To foil this type of solution, Hermann and co anonymize the dataset by replacing the actors in sentences with a generic description. An example of some original text from the Daily Mail is this: The BBC producer allegedly struck by Jeremy Clarkson will not press charges against the “Top Gear” host, his lawyer said Friday. Clarkson, who hosted one of the most-watched television shows in the world, was dropped by the BBC Wednesday after an internal investigation by the British broadcaster found he had subjected producer Oisin Tymon “to an unprovoked physical and verbal attack.”
An anonymized version of this text would be the following:
The ent381 producer allegedly struck by ent212 will not press charges against the “ent153” host, his lawyer said friday. ent212, who hosted one of the most – watched television shows in the world, was dropped by the ent381 wednesday after an internal investigation by the ent180 broadcaster found he had subjected producer ent193 “ to an unprovoked physical and verbal attack .”
In this way it is possible to convert the following Cloze-type query to identify X from “Producer X will not press charges against Jeremy Clarkson, his lawyer says” to “Producer X will not press charges against ent212, his lawyer says.”
And the required answer changes from “Oisin Tymon” to “ent212.”
In that way, the anonymized actor is only possible to identify with some kind of understanding of the grammatical links and causal relationships between the entities in the story.
The resulting database is vast, consisting of 110,000 articles from CNN and 218,000 articles from the Daily Mail website.

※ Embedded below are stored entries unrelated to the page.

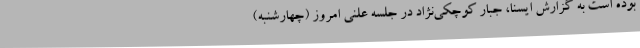
بوده است به گزارش ایسنا، جبار کوچکی‌نژاد در جلسه علنی امروز (چهارشنبه)
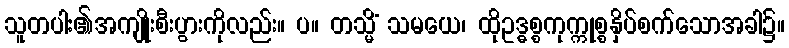
သူတပါး၏အကျိုးစီးပွားကိုလည်း။ ပ။ တသ္မိံ သမယေ၊ ထိုဥဒ္ဓစ္စကုက္ကုစ္စနှိပ်စက်သောအခါ၌။
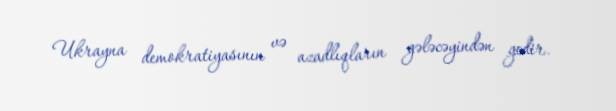
Ukrayna demokratiyasının və azadlıqların gələcəyindən gedir.
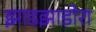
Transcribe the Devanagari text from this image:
झाडझाडोरा
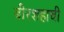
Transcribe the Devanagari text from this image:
बीरशहाची
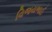
વિજયભાઈ

Having created this kind of database for the first time, Hermann and co can’t resist using it to put several machine learning techniques through their paces. They compare conventional natural language processing techniques, such as measuring the distance between combinations of words, and more modern neural network approaches.
The results clearly show how powerful neural nets have become. Hermann and co say the best neural nets can answer 60 percent of the queries put to them. They suggest that these machines can answer all queries that are structured in a simple way and struggle only with queries that have more complex grammatical structures.
There are some caveats of course. The most obvious is that articles from the Daily Mail and CNN have a very specific underlying structure that differs from other nonjournalistic forms of writing. Just how this underlying structure influences the results isn’t clear.
Neither is it clear how these machines compare to human capabilities, something that would be straightforward to find out using services like Mechanical Turk. That would put in context DeepMind’s claim, implied in the title of its paper, that these machines are learning to comprehend what they read.
Nevertheless, this is interesting work that sets the scene for some fascinating developments in the near future. Machine reading is coming; the only question is how quickly.